India Inc. still has a long way to go for true gender equality at the workplace, said a study. According to Mercer’s 2021 India Total Remuneration Survey (TRS), highlighting female participation in the India workforce and representation in leadership positions insufficient representation of women at leadership roles continues to impact pay equity analysis.
The data showed the continued trend of females’ improved representation at the professional level ranging from 20-30% across industries. In the technology sector, the female representation was seen at 43% at the entry levels, but the representation drastically reduced to 12-17% in managerial level and was an abysmal 4% to 8% at executive levels.
One interesting insight was that, keeping all variables the same, female compensation to male pay ratio was 95-99% at entry level. However, the unfortunate part was that this ratio drastically dropped, with women executives at mid to senior levels earning only about 87-95% of their male peers. Some reasons for this drop in pay were slower pace of promotions, development opportunities, and women representation in roles which drive organisation value creation or P&L ownership.
The industries with a better female representation were IT, Customer Service, Engineering and Science, Human Resources, Data Analytics and Business Intelligence, among others.
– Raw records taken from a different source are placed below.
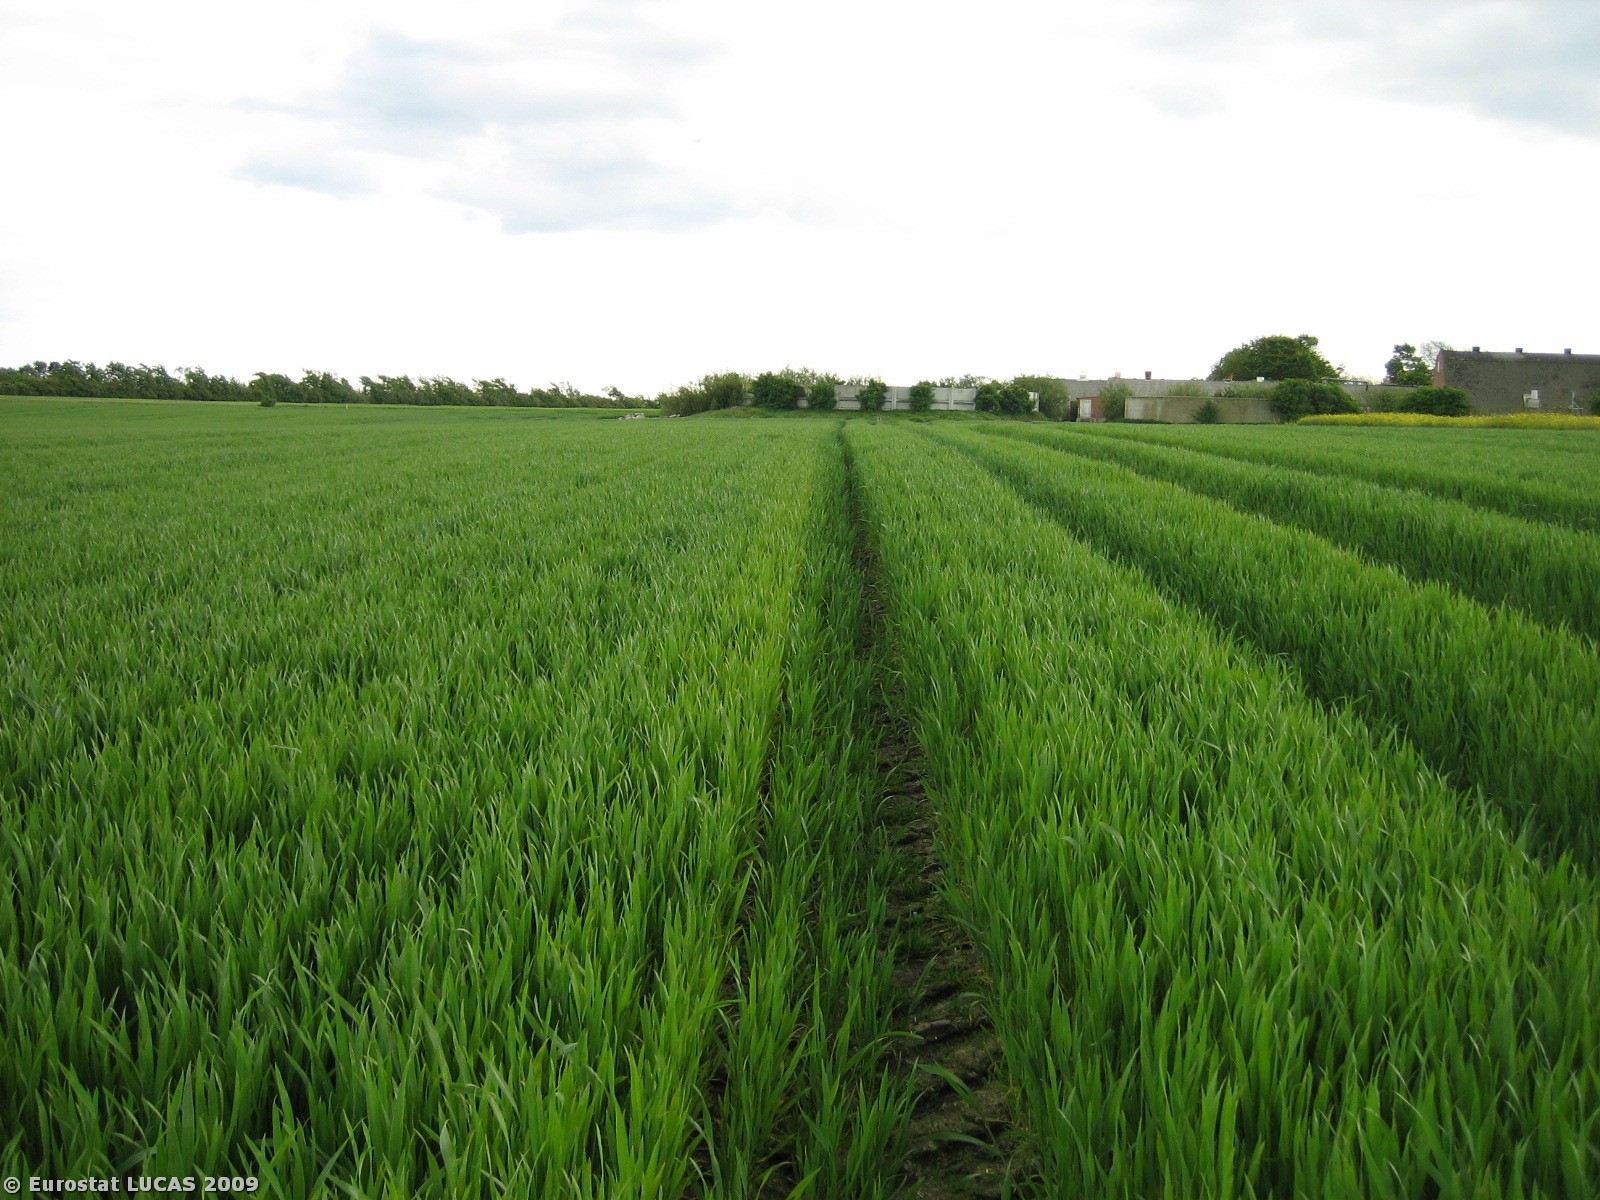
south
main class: Cropland
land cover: Common wheat
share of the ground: > 75 %
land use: Agriculture (excluding fallow land and kitchen gardens)
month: May
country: DK
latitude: 56.2113
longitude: 8.2123

Jobs such as Legal, Compliance and Audit, and Sales, Marketing and Product Management had a poor representation of females.
Mansee Singhal, Sr Principal, Rewards Consulting Leader India, remarked: “Organizations are broadly committed to Diversity and Inclusion, but there seems to be a lack of accountability to drive the progress internally. While the new Labour codes focusing on improving women employment, pay and security at the workplace are welcome, companies have to take quick strides in truly integrating and empowering women. Our research shows that if women representation improves in roles that are closer to value creation, then equity would seem to be a more achievable goal.”
Over the years, India Inc. has adopted progressive practices in bridging the gender pay equity and inclusion gap – Sensitization workshops for recruiters and hiring managers, focus on campus diversity hiring, career reboot and women alumni rehiring, career and professional development for women, hyper-local, proactive safety solutions for women, targeted high potential women leadership succession candidates, focused increased representation of women in leadership roles, fuelling the commitment to a culture of inclusive leadership by top management, male employees as advocates for gender diversity and inclusion.
Mercer survey gathers data from 900+companies, across 5700 job functions and over 14 lakh cumulative employees.